Btrfs: Fix streaming read performance with checksumming on

Large streaming reads make for large bios, which means each entry on the
list async work queues represents a large amount of data.  IO
congestion throttling on the device was kicking in before the async
worker threads decided a single thread was busy and needed some help.

The end result was that a streaming read would result in a single CPU
running at 100% instead of balancing the work off to other CPUs.

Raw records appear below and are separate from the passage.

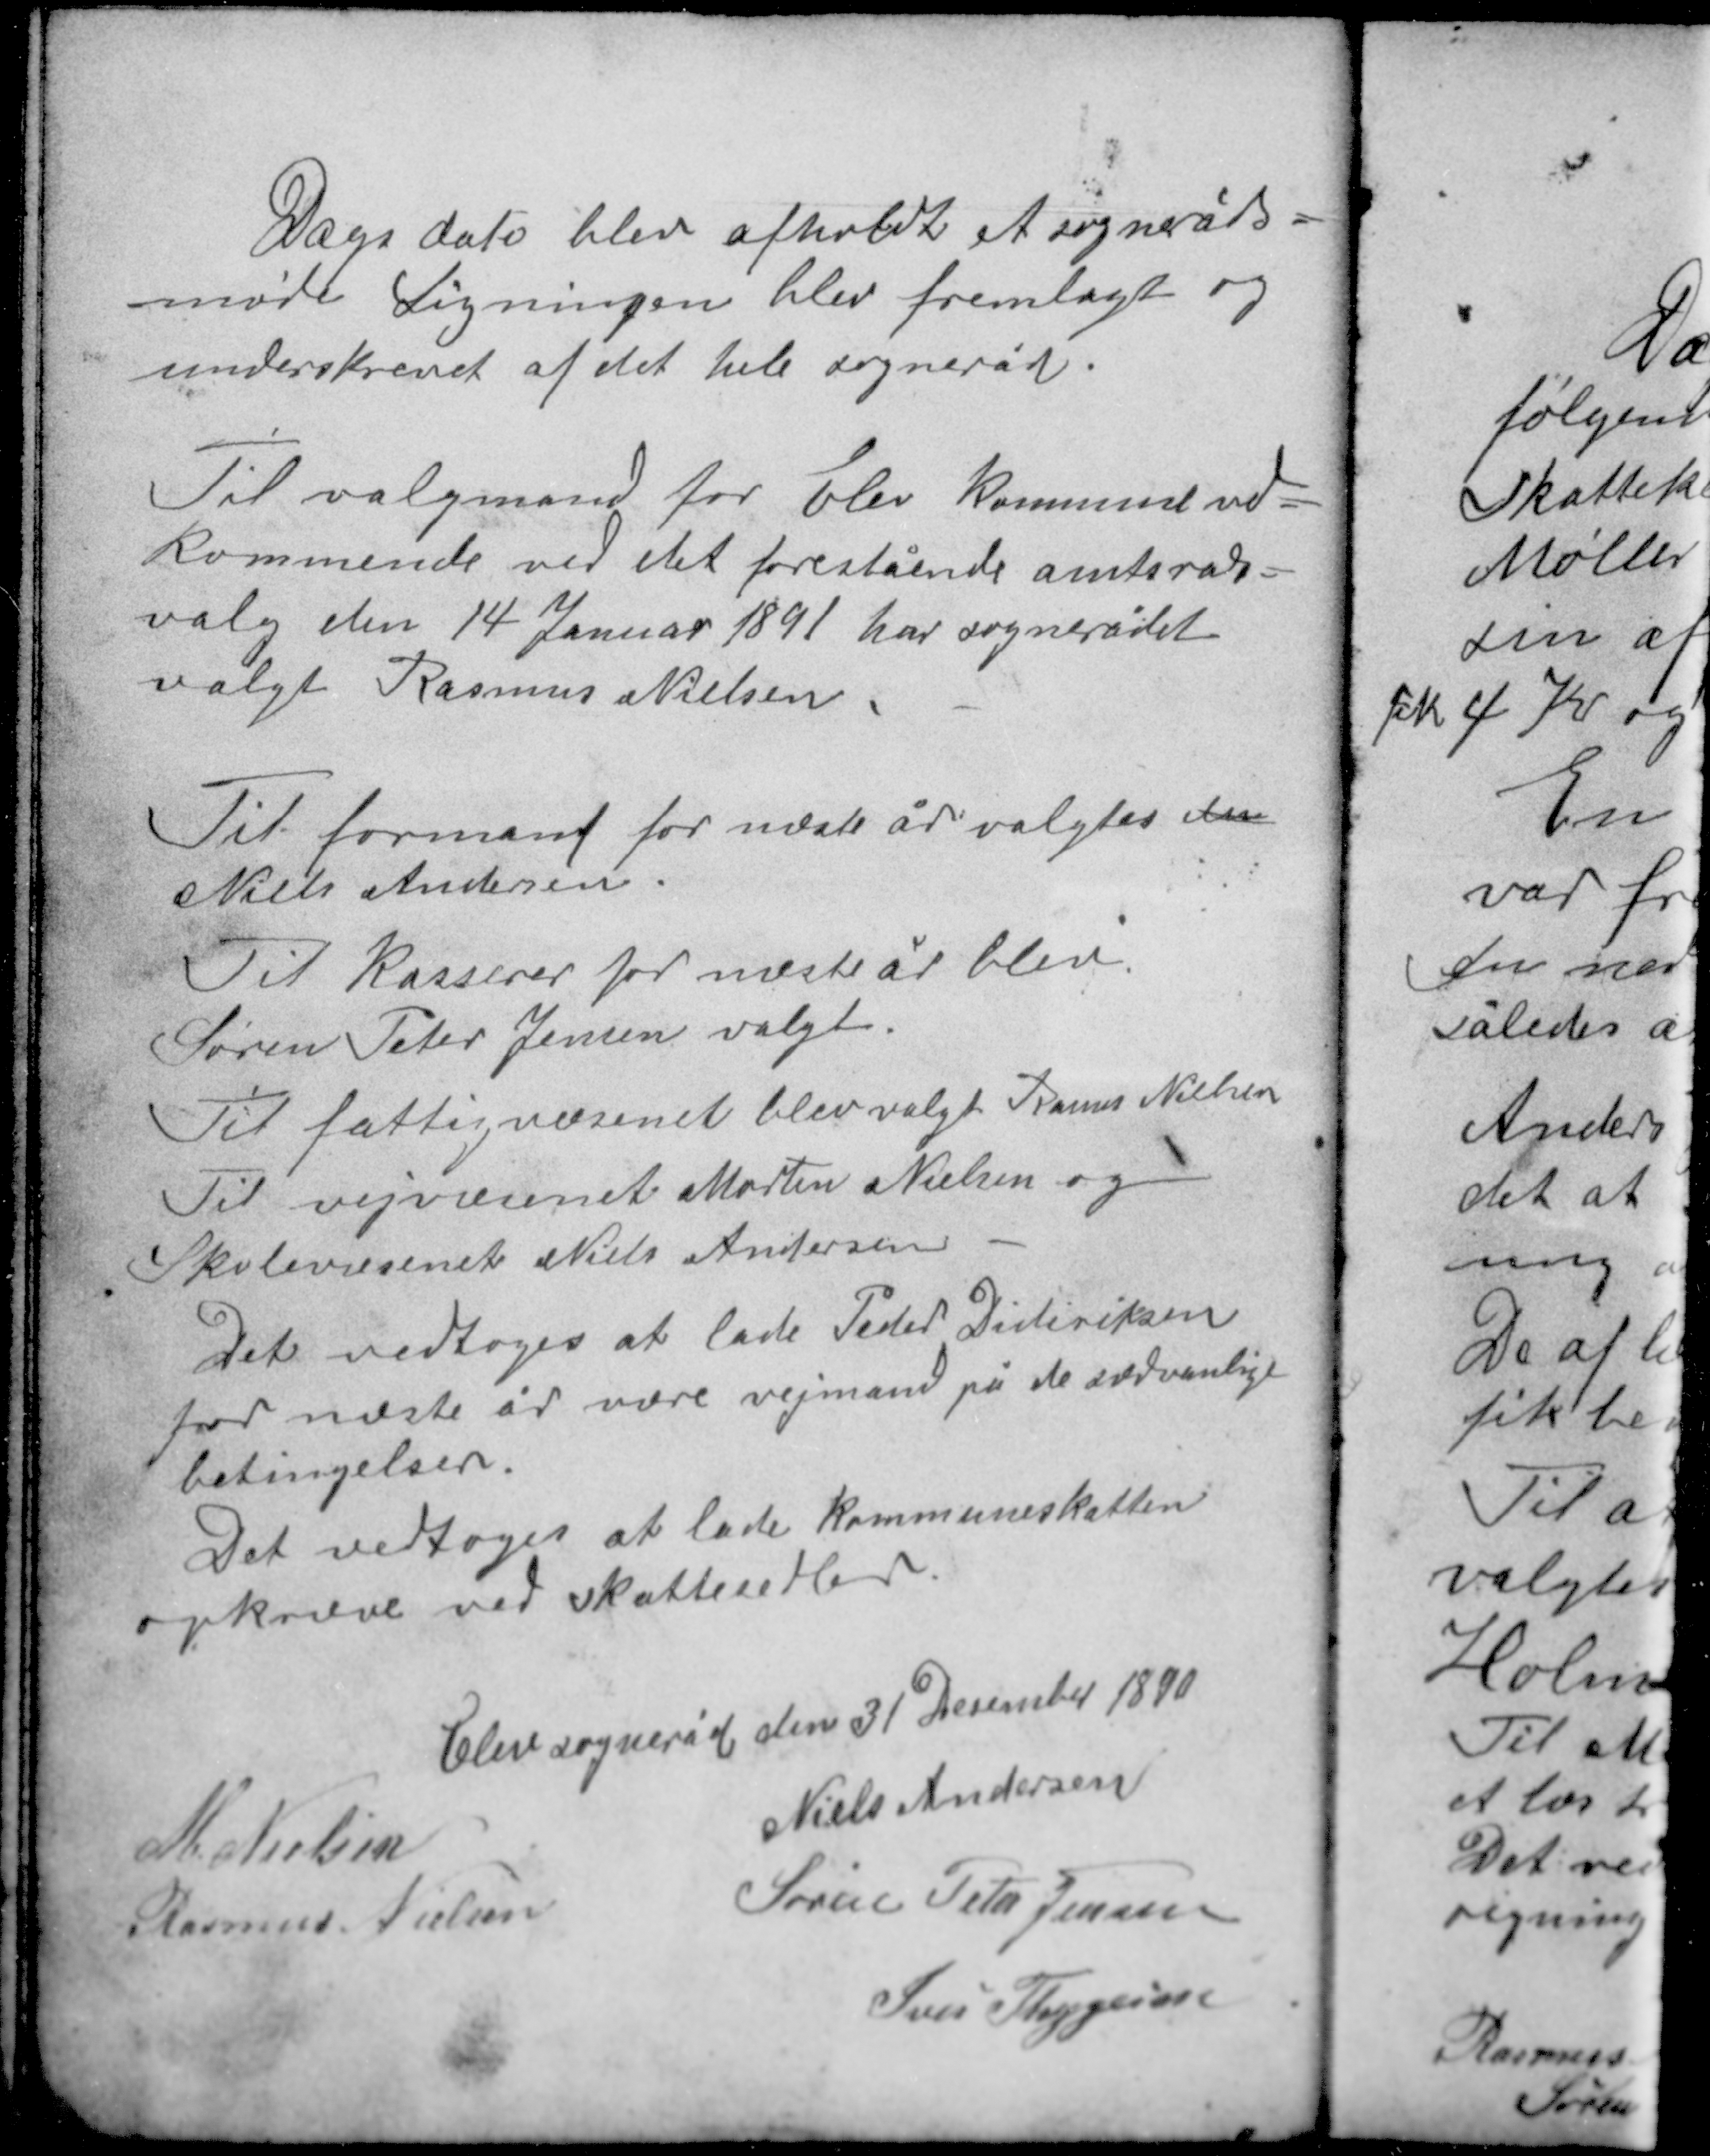
Transskription:
Dags dato blev afholdt et sogneråds-
møde. Ligningen blev fremlagt og
underskrevet af det hele sogneråd.

Til valgmand for Elev kommunes ved-
kommende ved det forestående amtsråds-
valg den 14 Januar 1891 har sognerådet
valgt Rasmus Nielsen.

Til formand for næste år valgtes den
Niels Andersen
Til kasserer for næste år blev
Søren Peter Jensen valgt.
Til fattigvæsenet blev valgt Rasmus Nielsen
Til vejvæsenet Morten Nielsen og
Skolevæsenet Niels Andersen.

Det vedtoges at lade Peder Dideriksen
for næste år være vejmand på de sædvanlige
betingelser.
Det vedtoges at lade kommuneskatten
opkræve ved skattesedler.

Elev sogneråd den 31 December 1890
Niels Andersen
M. Nielsen
Søren Peter Jensen
Rasmus Nielsen
Iver Thygesen
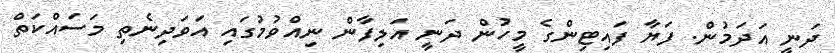
ދަނީ އަދަމުން. ފަޔާ ފައިޓިންގެ މީހުން ދަނީ އަލިފާން ނިއްވުމުގައި އަވަދިނެތި މަސައްކަތް
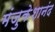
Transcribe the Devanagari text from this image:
मंजुकेशानंद
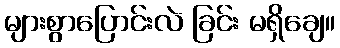
များစွာပြောင်းလဲ ခြင်း မရှိချေ။
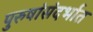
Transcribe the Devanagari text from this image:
पुरुषांसंदर्भात
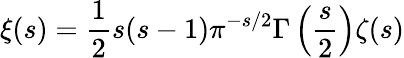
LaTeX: \xi(s)={\frac{1}{2}}s(s-1)\pi^{-s/2}\Gamma\left({\frac{s}{2}}\right)\zeta(s)
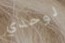
لوحدي
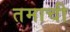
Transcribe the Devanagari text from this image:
तमाची
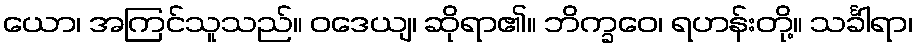
ယော၊ အကြင်သူသည်။ ဝဒေယျ၊ ဆိုရာ၏။ ဘိက္ခဝေ၊ ရဟန်းတို့။ သင်္ခါရာ၊
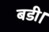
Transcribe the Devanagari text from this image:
बडी।
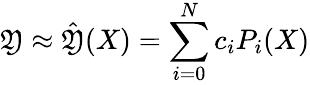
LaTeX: \mathfrak{Y}\approx\hat{{\mathfrak{Y}}}(X)=\sum_{i=0}^{N}c_{i}P_{i}(X)
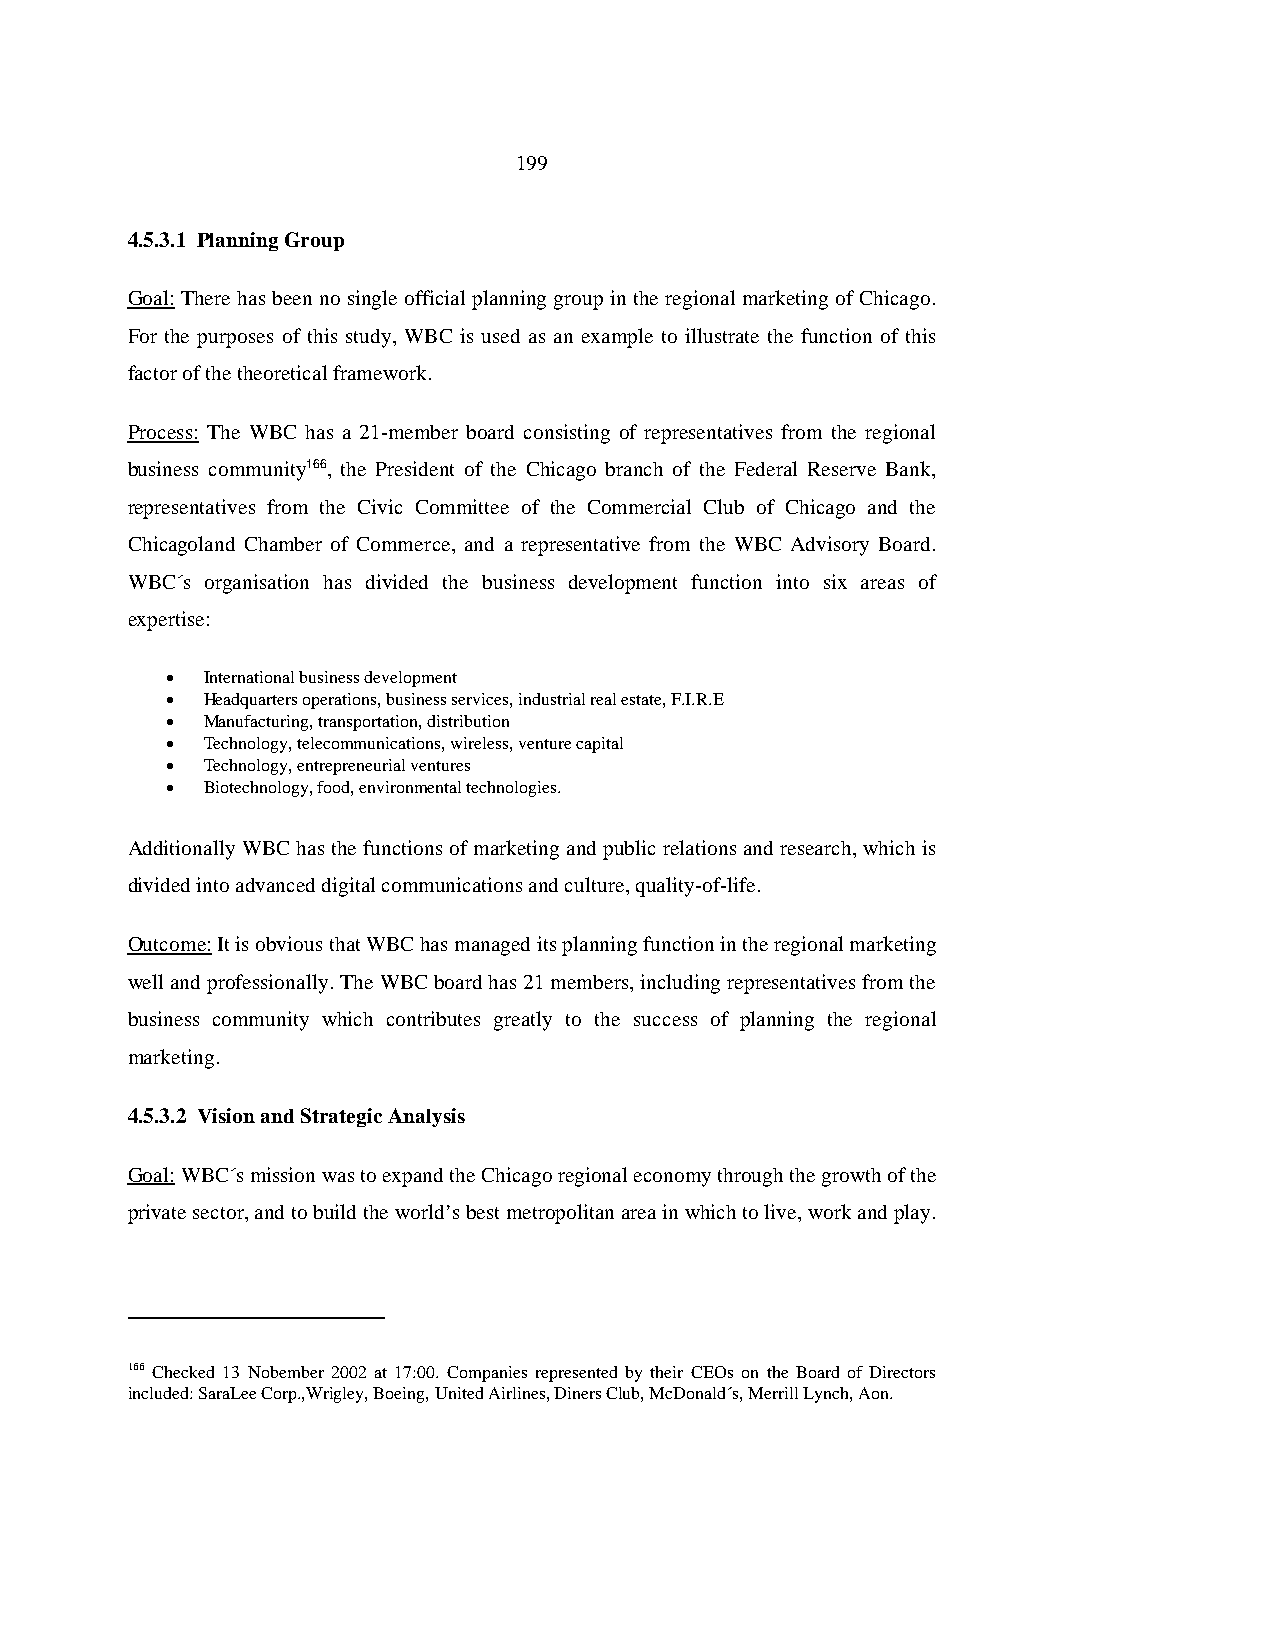
199
 4.5.3.1 Planning Group
 Goal: There has been no single official planning group in the regional marketing of Chicago.
 For the purposes of this study, WBC is used as an example to illustrate the function of this
 factor of the theoretical framework.
 Process: The WBC has a 21-member board consisting of representatives from the regional
 business community166, the President of the Chicago branch of the Federal Reserve Bank,
 representatives from the Civic Committee of the Commercial Club of Chicago and the
 Chicagoland Chamber of Commerce, and a representative from the WBC Advisory Board.
 WBC´s organisation has divided the business development function into six areas of
 expertise:
 • International business development
 • Headquarters operations, business services, industrial real estate, F.I.R.E
 • Manufacturing, transportation, distribution
 • Technology, telecommunications, wireless, venture capital
 • Technology, entrepreneurial ventures
 • Biotechnology, food, environmental technologies.
 Additionally WBC has the functions of marketing and public relations and research, which is
 divided into advanced digital communications and culture, quality-of-life.
 Outcome: It is obvious that WBC has managed its planning function in the regional marketing
 well and professionally. The WBC board has 21 members, including representatives from the
 business community which contributes greatly to the success of planning the regional
 marketing.
 4.5.3.2 Vision and Strategic Analysis
 Goal: WBC´s mission was to expand the Chicago regional economy through the growth of the
 private sector, and to build the world’s best metropolitan area in which to live, work and play.
 166 Checked 13 Nobember 2002 at 17:00. Companies represented by their CEOs on the Board of Directors
 included: SaraLee Corp.,Wrigley, Boeing, United Airlines, Diners Club, McDonald´s, Merrill Lynch, Aon.
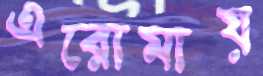
এরোমায়
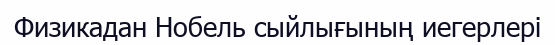
Физикадан Нобель сыйлығының иегерлері
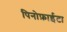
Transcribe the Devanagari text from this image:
पिनोफ़ाईटा
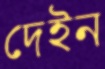
দেইন

This patch also changes the pre-IO checksum lookup done by reads to
work on a per-bio basis instead of a per-page.  This results in many
extra btree lookups on large streaming reads.  Doing the checksum lookup
right before bio submit allows us to reuse searches while processing
adjacent offsets.

Signed-off-by: Chris Mason <chris.mason@oracle.com>
diff --git a/fs/btrfs/file-item.c b/fs/btrfs/file-item.c
index 2311061..a5ff19b 100644
--- a/fs/btrfs/file-item.c
+++ b/fs/btrfs/file-item.c
@@ -134,6 +134,83 @@
 	return ret;
 }
 
+int btrfs_lookup_bio_sums(struct btrfs_root *root, struct inode *inode,
+			  struct bio *bio)
+{
+	u32 sum;
+	struct bio_vec *bvec = bio->bi_io_vec;
+	int bio_index = 0;
+	u64 offset;
+	u64 item_start_offset = 0;
+	u64 item_last_offset = 0;
+	u32 diff;
+	int ret;
+	struct btrfs_path *path;
+	struct btrfs_csum_item *item = NULL;
+	struct extent_io_tree *io_tree = &BTRFS_I(inode)->io_tree;
+
+	path = btrfs_alloc_path();
+	path->reada = 2;
+
+	WARN_ON(bio->bi_vcnt <= 0);
+
+	while(bio_index < bio->bi_vcnt) {
+		offset = page_offset(bvec->bv_page) + bvec->bv_offset;
+		ret = btrfs_find_ordered_sum(inode, offset, &sum);
+		if (ret == 0)
+			goto found;
+
+		if (!item || offset < item_start_offset ||
+		    offset >= item_last_offset) {
+			struct btrfs_key found_key;
+			u32 item_size;
+
+			if (item)
+				btrfs_release_path(root, path);
+			item = btrfs_lookup_csum(NULL, root, path,
+						 inode->i_ino, offset, 0);
+			if (IS_ERR(item)) {
+				ret = PTR_ERR(item);
+				if (ret == -ENOENT || ret == -EFBIG)
+					ret = 0;
+				sum = 0;
+				printk("no csum found for inode %lu start "
+				       "%llu\n", inode->i_ino,
+				       (unsigned long long)offset);
+				goto found;
+			}
+			btrfs_item_key_to_cpu(path->nodes[0], &found_key,
+					      path->slots[0]);
+
+			item_start_offset = found_key.offset;
+			item_size = btrfs_item_size_nr(path->nodes[0],
+						       path->slots[0]);
+			item_last_offset = item_start_offset +
+				(item_size / BTRFS_CRC32_SIZE) *
+				root->sectorsize;
+			item = btrfs_item_ptr(path->nodes[0], path->slots[0],
+					      struct btrfs_csum_item);
+		}
+		/*
+		 * this byte range must be able to fit inside
+		 * a single leaf so it will also fit inside a u32
+		 */
+		diff = offset - item_start_offset;
+		diff = diff / root->sectorsize;
+		diff = diff * BTRFS_CRC32_SIZE;
+
+		read_extent_buffer(path->nodes[0], &sum,
+				   (unsigned long)item + diff,
+				   BTRFS_CRC32_SIZE);
+found:
+		set_state_private(io_tree, offset, sum);
+		bio_index++;
+		bvec++;
+	}
+	btrfs_free_path(path);
+	return 0;
+}
+
 int btrfs_csum_one_bio(struct btrfs_root *root, struct inode *inode,
 		       struct bio *bio)
 {